MEHMET KURTULUŞ: Eğer Türkiye sinemasının köşe taşlarını anlatan bir kitap varsa o kitaba kolay unutulmayacak kült bir film koyduğumuza inanıyoruz. Vizyon sonrasında bunca emeğin sonunda dünyaya biz de varız diyebilmeyi ve bize bir film daha yapabilme şansının tanınmasını umut ediyoruz. Film yaparak yaşamak istiyoruz.

Bundan sonra da kısa veya uzun metrajlı animasyon yapımlar ya da animasyon bir dizi üretme gibi planlar var mı?

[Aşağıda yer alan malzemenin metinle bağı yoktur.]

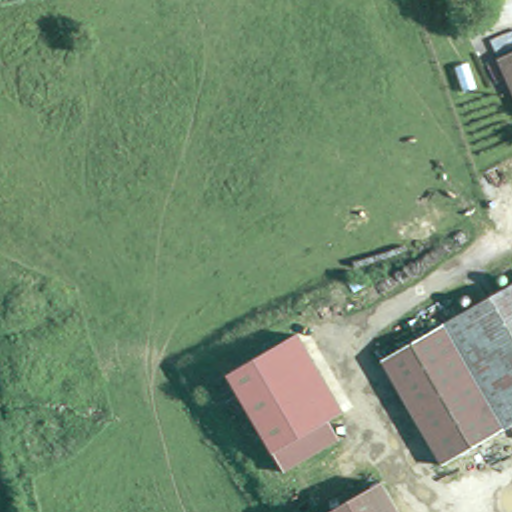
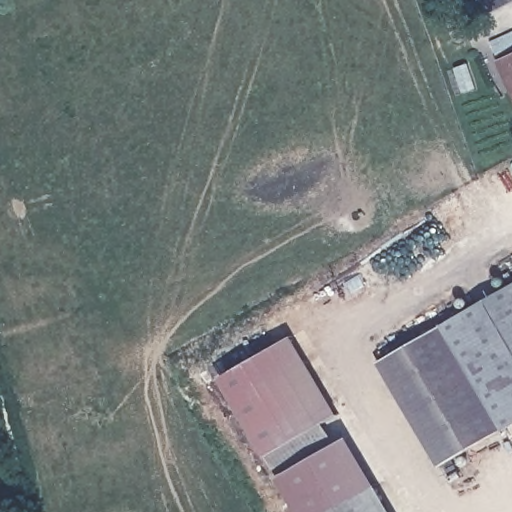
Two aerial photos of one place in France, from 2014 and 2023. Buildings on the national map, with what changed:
unchanged [(512,86),(500,66),(512,58),(512,86)]
unchanged [(512,422),(502,427),(445,320),(512,282),(512,422)]
unchanged [(445,320),(502,427),(440,462),(381,356),(445,320)]
unchanged [(286,472),(275,455),(228,376),(297,336),(342,412),(328,422),(338,440),(286,472)]
new [(334,512),(306,512),(283,473),(286,472),(338,440),(353,433),(398,512),(392,512),(378,486),(334,512)]
unchanged [(392,512),(334,512),(378,486),(392,512)]

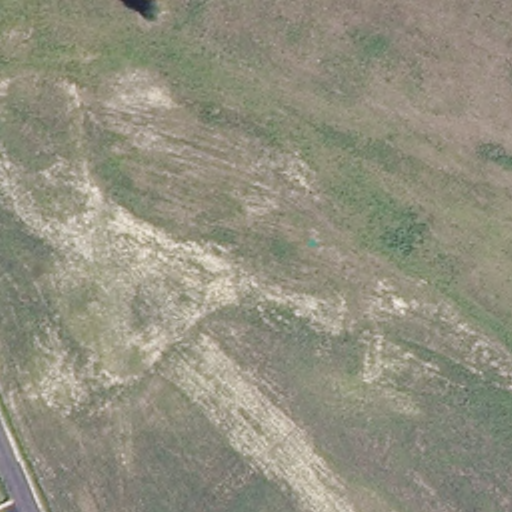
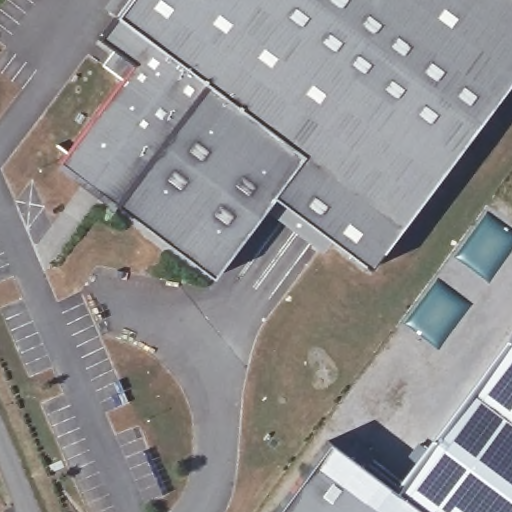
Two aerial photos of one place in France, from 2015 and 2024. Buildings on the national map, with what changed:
new [(512,76),(365,269),(271,196),(212,274),(115,205),(58,165),(122,80),(102,65),(115,49),(102,38),(115,17),(128,0),(512,0),(512,76)]
new [(512,337),(512,512),(421,512),(395,492),(512,337)]
unchanged [(274,512),(327,441),(421,512),(274,512)]

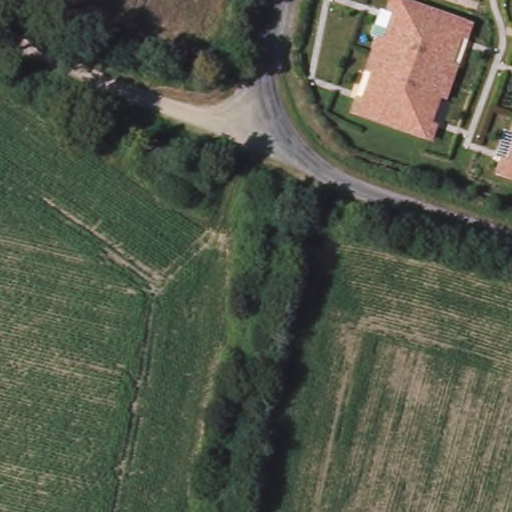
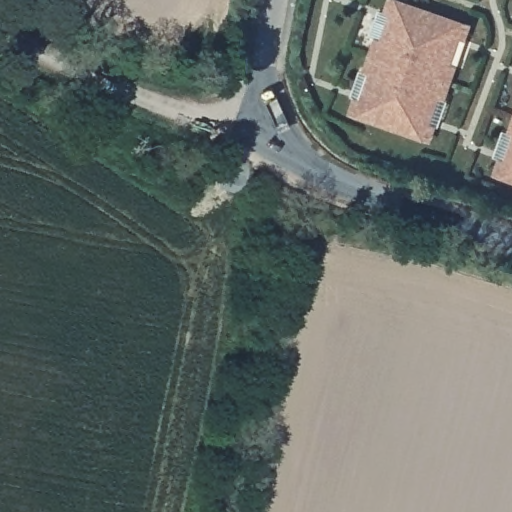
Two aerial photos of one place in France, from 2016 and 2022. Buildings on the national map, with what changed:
unchanged [(355,114),(393,0),(406,0),(473,23),(432,141),(355,114)]
unchanged [(499,176),(512,136),(512,181),(499,176)]

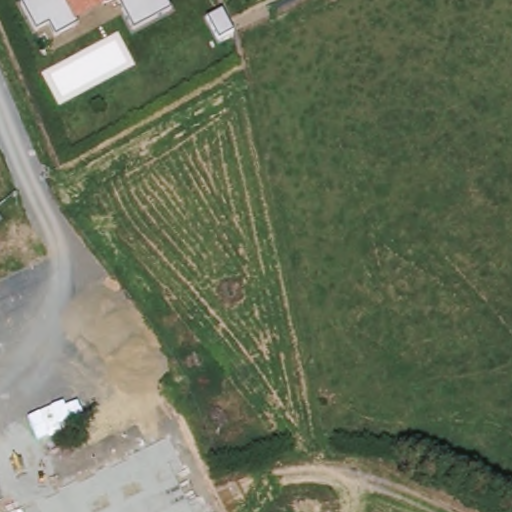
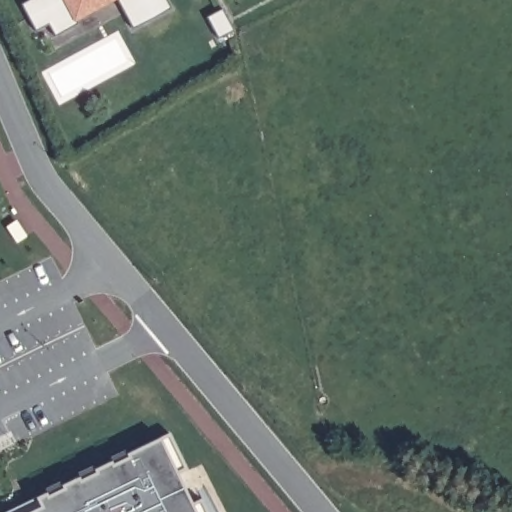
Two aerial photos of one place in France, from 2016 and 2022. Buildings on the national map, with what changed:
unchanged [(47,21),(38,27),(28,6),(38,0),(116,0),(55,33),(47,21)]
unchanged [(137,27),(121,0),(165,0),(170,7),(137,27)]
new [(36,498),(160,438),(168,433),(186,469),(175,474),(191,504),(200,500),(206,512),(9,512),(36,498)]

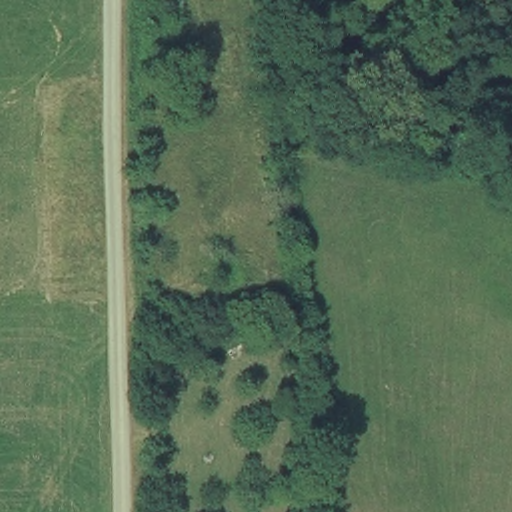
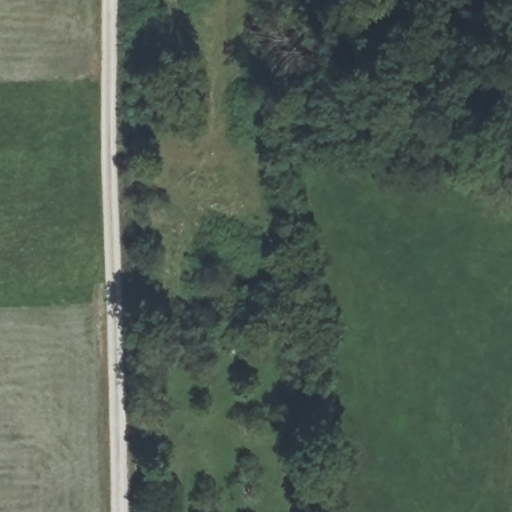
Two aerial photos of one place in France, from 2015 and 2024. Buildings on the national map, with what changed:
unchanged [(173,14),(177,54),(138,57),(134,17),(173,14)]

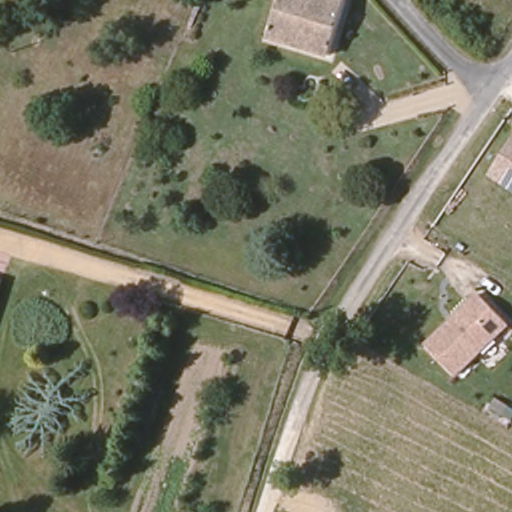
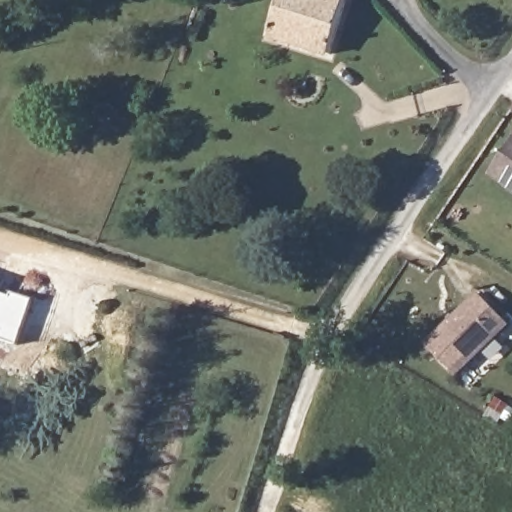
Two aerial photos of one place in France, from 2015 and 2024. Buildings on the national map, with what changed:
unchanged [(332,53),(273,33),(283,0),(348,0),(332,53)]
unchanged [(512,139),(512,192),(488,176),(512,139)]
new [(12,291),(34,299),(19,347),(0,341),(0,331),(0,292),(10,296),(12,291)]
unchanged [(477,294),(508,326),(456,375),(424,343),(477,294)]

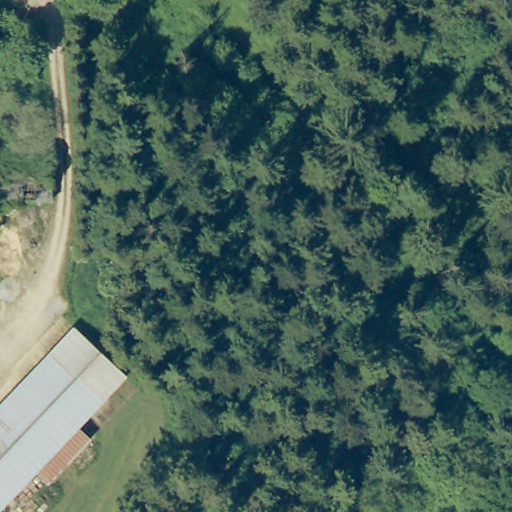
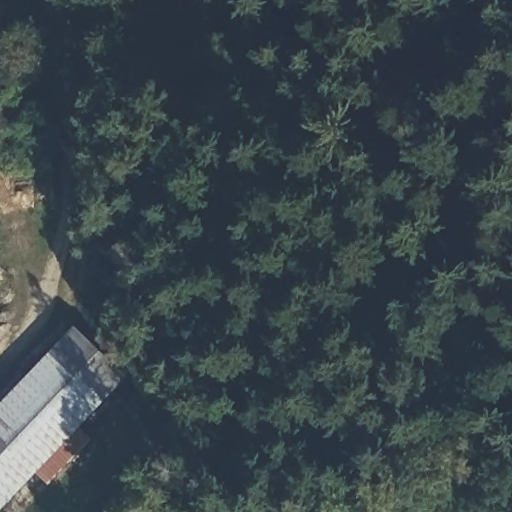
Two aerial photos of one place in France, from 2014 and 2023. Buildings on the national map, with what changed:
unchanged [(0,154),(49,150),(57,192),(55,199),(0,205),(0,154)]
unchanged [(7,227),(5,234),(0,239),(0,240),(0,217),(4,220),(7,227)]
unchanged [(125,313),(101,311),(105,241),(129,243),(125,313)]
unchanged [(111,363),(127,378),(80,427),(37,474),(32,479),(1,512),(0,512),(0,425),(36,386),(83,336),(111,363)]
unchanged [(0,393),(21,371),(36,386),(0,425),(0,393)]
unchanged [(98,445),(55,490),(55,491),(54,490),(37,474),(80,427),(98,445)]

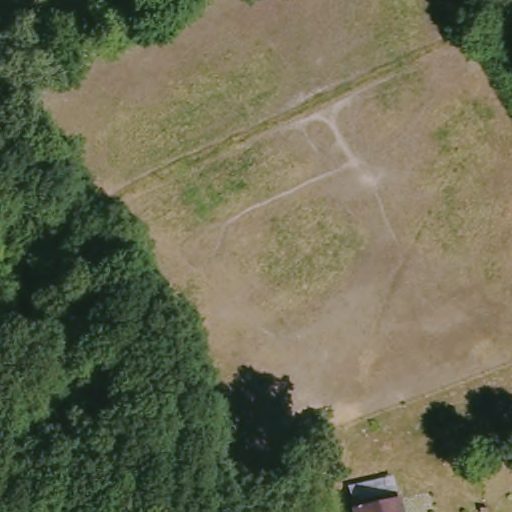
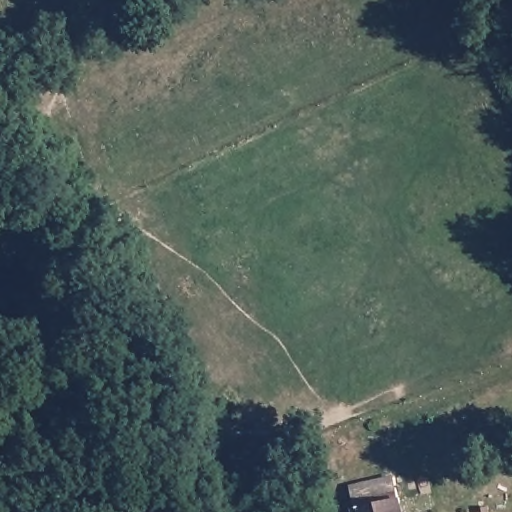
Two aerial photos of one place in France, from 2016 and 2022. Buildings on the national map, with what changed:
unchanged [(402,492),(406,512),(358,512),(356,502),(402,492)]

MEHMET KURTULUŞ: Olmaz mı ? Bunca uğraş, biriktirilmiş bunca bilgi tek bir film yapmak için olursa bu en büyük israf olurdu…. Kısa Şerafettin’ler var düşündüğümüz, webisode’lar diyebiliriz bunlara ve tabii ki izleyici beğenirse Şero’nun devamını getirmek istiyoruz. Uzun bir süredir üzerinde çalıştığımız bir çocuk filmi var. Çocuklara yönelik animasyon sinemasında da bu coğrafyadan çıkıp dünyaya ulaşabileceğine inandığımız bir hikaye anlatabileceğimizi düşünüyoruz. Animasyon alanında ne yaparsak yapalım Türkiye, ile sınırlı kalmayacağına, dünyada yer bulabileceğimize inanıyoruz… Animasyon sineması genelde hareket komiği üzerine kurulu, ama biz duyguların animasyon sinemasıyla çok güçlü anlatabileceğine inanıyoruz.  Hayvanlar bizimle konuşmadan anlaşabiliyor, bu fikir beni çok heyecanlandırıyor, bu duygusal iletişimden çok güçlü bir animasyon film çıkacak. Adını şu an söyleyemem ama tüm dünyanın tanıdığı bir hayvanın hikayesi peşindeyim. Anima İstanbul hem bir animasyon stüdyosu hem de bir yapım evi üzerinde çalıştığımız animasyon olmayan film projeleri de var. Hatta hayallerimizi süsleyen bir belgesel fikri bile var.